**PROVIDED INFORMATION:**
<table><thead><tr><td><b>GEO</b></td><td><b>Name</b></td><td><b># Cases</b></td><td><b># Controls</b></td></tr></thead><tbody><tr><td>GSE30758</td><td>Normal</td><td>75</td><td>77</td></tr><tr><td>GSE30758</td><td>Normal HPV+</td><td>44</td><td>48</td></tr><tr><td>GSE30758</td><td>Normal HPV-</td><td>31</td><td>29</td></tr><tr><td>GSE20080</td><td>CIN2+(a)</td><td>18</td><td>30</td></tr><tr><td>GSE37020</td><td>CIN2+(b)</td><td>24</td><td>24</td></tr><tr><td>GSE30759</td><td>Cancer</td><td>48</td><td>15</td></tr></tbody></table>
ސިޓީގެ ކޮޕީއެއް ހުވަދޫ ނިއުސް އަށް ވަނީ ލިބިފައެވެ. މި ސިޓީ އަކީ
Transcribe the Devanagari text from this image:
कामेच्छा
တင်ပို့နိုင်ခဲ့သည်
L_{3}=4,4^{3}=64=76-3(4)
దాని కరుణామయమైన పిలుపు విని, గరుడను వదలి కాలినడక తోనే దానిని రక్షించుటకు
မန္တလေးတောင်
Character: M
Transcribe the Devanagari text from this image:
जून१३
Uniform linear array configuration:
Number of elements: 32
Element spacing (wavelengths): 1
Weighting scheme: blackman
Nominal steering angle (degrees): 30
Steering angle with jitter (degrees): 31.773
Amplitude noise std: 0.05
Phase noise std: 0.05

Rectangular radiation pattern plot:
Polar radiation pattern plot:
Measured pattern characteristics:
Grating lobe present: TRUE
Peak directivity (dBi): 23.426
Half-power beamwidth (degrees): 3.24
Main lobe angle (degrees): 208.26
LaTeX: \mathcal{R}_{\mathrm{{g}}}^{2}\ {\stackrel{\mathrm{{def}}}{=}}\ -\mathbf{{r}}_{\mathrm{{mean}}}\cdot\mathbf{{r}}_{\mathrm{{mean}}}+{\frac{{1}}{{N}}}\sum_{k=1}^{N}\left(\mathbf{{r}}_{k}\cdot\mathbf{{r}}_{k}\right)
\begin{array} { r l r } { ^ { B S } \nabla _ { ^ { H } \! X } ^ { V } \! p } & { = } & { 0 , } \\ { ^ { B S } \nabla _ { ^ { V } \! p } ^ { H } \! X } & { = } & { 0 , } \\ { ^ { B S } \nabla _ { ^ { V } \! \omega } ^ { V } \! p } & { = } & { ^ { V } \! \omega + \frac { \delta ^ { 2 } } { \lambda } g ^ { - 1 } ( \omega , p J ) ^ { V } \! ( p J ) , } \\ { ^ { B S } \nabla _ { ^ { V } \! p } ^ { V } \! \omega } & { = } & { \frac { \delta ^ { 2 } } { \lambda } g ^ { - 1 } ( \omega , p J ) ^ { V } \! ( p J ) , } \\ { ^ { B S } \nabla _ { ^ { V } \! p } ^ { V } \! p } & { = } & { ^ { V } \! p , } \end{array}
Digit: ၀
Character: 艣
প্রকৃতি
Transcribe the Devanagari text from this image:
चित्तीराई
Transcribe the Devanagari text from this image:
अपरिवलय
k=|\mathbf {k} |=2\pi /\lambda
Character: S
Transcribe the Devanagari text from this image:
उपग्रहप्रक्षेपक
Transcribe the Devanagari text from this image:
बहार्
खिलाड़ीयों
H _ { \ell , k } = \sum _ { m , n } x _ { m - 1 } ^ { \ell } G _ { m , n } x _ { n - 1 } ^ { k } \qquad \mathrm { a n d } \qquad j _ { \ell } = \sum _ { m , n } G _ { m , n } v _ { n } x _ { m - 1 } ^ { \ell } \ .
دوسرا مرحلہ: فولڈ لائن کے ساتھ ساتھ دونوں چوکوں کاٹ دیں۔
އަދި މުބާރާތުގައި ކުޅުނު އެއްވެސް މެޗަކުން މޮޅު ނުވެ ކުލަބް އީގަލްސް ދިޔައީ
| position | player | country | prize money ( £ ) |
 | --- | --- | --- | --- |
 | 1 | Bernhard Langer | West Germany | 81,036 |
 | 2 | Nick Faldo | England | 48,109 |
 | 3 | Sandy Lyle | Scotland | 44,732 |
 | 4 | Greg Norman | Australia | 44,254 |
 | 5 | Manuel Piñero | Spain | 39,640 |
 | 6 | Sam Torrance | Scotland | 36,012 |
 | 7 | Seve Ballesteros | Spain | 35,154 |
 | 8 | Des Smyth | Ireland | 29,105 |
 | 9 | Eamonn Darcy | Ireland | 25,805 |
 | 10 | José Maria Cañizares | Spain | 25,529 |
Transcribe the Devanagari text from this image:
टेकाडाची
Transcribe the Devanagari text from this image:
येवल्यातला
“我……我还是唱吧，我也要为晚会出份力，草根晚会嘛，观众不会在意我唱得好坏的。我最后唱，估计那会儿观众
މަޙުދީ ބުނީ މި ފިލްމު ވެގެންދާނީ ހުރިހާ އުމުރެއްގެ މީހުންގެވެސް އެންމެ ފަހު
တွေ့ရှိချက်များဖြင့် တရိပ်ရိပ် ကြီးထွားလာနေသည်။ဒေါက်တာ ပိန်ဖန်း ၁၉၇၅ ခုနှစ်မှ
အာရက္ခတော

**WHAT THE TASK ASKS:**
Among the records, find all lines that include the string "noise" and return them.

**EXERCISE ANSWER:**
Amplitude noise std: 0.05
Phase noise std: 0.05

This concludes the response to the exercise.